(Records contained in a dataset)
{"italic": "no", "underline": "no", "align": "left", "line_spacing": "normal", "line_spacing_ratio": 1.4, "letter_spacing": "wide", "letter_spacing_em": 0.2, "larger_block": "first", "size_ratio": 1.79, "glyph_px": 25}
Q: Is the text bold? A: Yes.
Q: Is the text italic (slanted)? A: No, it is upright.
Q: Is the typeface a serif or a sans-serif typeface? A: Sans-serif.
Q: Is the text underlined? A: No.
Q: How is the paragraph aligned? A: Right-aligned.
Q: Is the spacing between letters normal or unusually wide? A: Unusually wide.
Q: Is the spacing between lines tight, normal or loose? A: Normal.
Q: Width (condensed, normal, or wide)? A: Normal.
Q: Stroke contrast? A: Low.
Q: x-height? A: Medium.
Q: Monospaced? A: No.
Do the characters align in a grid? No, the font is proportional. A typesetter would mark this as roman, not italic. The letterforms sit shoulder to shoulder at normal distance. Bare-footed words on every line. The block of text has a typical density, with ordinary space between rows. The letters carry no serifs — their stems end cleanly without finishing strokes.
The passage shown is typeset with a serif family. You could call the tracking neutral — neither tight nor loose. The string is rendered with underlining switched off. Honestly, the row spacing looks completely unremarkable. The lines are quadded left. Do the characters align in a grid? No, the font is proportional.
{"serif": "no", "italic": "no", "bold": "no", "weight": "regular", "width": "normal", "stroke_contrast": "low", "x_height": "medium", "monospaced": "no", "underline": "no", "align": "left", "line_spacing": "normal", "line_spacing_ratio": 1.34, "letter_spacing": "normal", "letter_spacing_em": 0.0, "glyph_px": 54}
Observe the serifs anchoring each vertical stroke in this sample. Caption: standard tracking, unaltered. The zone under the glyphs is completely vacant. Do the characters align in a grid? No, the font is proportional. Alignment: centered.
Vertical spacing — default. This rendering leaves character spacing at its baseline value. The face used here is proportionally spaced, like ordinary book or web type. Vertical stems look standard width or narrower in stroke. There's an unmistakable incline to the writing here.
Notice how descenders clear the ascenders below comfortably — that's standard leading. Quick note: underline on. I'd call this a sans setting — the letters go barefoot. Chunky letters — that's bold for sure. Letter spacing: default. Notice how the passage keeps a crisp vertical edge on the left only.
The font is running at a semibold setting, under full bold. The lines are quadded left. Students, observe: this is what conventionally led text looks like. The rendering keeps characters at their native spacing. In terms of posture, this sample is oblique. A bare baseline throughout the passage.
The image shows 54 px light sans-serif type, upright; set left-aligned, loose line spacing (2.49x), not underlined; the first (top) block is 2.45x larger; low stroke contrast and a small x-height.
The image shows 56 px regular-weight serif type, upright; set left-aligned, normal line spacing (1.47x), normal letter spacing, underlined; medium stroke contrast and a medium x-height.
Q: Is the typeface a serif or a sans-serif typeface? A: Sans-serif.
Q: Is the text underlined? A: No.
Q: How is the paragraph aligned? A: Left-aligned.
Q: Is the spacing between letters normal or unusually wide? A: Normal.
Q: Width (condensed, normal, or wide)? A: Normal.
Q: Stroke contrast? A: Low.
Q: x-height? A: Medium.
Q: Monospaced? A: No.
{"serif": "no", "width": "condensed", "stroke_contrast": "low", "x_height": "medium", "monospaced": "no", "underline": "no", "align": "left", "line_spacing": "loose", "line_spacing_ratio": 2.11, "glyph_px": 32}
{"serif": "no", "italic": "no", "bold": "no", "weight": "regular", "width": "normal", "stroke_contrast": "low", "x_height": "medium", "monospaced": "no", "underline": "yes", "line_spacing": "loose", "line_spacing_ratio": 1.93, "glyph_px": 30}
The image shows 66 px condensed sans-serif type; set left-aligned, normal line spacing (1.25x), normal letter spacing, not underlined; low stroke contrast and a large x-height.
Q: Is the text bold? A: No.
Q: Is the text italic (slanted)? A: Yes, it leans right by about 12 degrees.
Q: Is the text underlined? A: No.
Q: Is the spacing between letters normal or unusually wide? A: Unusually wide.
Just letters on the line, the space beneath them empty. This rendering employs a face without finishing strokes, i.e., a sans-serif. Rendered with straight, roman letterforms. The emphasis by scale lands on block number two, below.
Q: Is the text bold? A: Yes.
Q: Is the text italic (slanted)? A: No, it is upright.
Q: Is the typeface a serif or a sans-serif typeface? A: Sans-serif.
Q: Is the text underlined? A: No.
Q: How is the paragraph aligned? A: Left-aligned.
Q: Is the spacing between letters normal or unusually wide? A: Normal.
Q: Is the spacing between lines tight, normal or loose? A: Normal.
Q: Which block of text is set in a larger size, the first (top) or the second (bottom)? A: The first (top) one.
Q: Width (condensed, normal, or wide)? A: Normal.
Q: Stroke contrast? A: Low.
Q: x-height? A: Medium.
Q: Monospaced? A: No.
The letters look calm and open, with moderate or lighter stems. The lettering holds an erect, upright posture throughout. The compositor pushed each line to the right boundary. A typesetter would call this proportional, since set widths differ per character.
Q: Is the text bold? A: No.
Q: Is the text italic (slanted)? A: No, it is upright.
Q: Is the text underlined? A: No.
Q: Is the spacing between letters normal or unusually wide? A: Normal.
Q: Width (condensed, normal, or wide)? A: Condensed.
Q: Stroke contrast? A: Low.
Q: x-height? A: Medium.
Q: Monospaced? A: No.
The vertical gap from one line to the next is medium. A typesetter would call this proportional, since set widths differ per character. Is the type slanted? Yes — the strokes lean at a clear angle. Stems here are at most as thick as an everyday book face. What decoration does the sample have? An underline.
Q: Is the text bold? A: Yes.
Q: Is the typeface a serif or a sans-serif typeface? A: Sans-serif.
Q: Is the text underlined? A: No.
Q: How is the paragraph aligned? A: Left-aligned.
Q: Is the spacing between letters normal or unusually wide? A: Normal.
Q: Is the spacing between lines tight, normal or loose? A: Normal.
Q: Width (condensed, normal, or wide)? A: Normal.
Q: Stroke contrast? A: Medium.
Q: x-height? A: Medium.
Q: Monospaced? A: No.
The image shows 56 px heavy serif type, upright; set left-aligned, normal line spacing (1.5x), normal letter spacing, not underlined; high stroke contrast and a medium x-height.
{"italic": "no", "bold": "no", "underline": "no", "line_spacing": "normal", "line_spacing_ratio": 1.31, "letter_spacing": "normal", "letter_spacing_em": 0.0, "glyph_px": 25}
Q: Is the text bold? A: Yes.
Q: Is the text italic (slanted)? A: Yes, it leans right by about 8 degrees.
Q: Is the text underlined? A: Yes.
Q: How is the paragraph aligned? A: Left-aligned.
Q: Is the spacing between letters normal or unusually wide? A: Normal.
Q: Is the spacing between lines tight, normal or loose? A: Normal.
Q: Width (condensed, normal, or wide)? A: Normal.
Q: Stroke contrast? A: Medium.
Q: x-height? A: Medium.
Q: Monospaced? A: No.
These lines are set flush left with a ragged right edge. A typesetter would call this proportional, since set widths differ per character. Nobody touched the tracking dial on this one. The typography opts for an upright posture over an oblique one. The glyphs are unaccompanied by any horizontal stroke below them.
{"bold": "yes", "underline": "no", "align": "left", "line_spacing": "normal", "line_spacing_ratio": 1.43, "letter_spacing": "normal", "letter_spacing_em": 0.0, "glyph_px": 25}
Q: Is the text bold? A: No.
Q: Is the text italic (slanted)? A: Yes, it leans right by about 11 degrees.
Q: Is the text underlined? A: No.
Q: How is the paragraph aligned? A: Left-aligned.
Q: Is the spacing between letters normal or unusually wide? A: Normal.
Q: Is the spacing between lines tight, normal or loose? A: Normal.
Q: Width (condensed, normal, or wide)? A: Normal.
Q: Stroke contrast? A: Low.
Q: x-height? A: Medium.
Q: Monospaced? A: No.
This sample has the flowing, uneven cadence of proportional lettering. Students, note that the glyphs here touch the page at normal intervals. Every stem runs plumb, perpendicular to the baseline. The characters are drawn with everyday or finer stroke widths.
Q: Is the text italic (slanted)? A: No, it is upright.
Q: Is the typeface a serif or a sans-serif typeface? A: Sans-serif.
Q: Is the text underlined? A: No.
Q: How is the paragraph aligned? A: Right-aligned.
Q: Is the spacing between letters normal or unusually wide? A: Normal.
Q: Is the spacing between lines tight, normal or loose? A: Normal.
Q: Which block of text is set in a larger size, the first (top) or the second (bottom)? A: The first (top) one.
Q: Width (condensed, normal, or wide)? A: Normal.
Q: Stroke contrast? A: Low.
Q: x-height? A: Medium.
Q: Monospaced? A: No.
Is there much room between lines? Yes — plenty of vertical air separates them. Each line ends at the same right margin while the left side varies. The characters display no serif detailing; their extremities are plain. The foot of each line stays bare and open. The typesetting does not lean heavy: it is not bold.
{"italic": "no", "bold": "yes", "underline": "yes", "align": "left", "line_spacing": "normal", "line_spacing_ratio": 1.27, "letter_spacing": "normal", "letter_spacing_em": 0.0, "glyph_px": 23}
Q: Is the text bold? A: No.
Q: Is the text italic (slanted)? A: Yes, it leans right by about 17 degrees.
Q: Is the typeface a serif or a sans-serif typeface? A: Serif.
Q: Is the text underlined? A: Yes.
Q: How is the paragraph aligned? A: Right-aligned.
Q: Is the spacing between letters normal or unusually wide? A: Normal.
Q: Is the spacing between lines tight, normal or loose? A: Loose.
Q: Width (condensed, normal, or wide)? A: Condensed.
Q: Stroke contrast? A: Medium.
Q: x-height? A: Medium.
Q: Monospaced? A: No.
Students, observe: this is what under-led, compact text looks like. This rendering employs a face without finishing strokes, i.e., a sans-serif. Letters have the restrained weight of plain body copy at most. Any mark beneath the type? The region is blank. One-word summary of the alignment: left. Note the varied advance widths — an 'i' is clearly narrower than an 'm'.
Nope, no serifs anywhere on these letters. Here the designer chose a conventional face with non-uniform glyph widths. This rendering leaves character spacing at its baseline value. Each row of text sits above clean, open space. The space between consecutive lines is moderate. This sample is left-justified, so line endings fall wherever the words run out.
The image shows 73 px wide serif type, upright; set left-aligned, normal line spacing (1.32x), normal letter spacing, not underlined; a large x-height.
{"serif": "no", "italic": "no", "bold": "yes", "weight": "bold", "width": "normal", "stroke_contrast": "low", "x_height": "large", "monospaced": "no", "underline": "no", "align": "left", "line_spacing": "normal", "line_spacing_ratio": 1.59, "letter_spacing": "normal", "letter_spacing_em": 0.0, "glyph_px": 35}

• EXERCISE DIRECTIONS
Work through the data line by line and state how many lines have the string "book"; add nothing else.

• WRITTEN ANSWER
2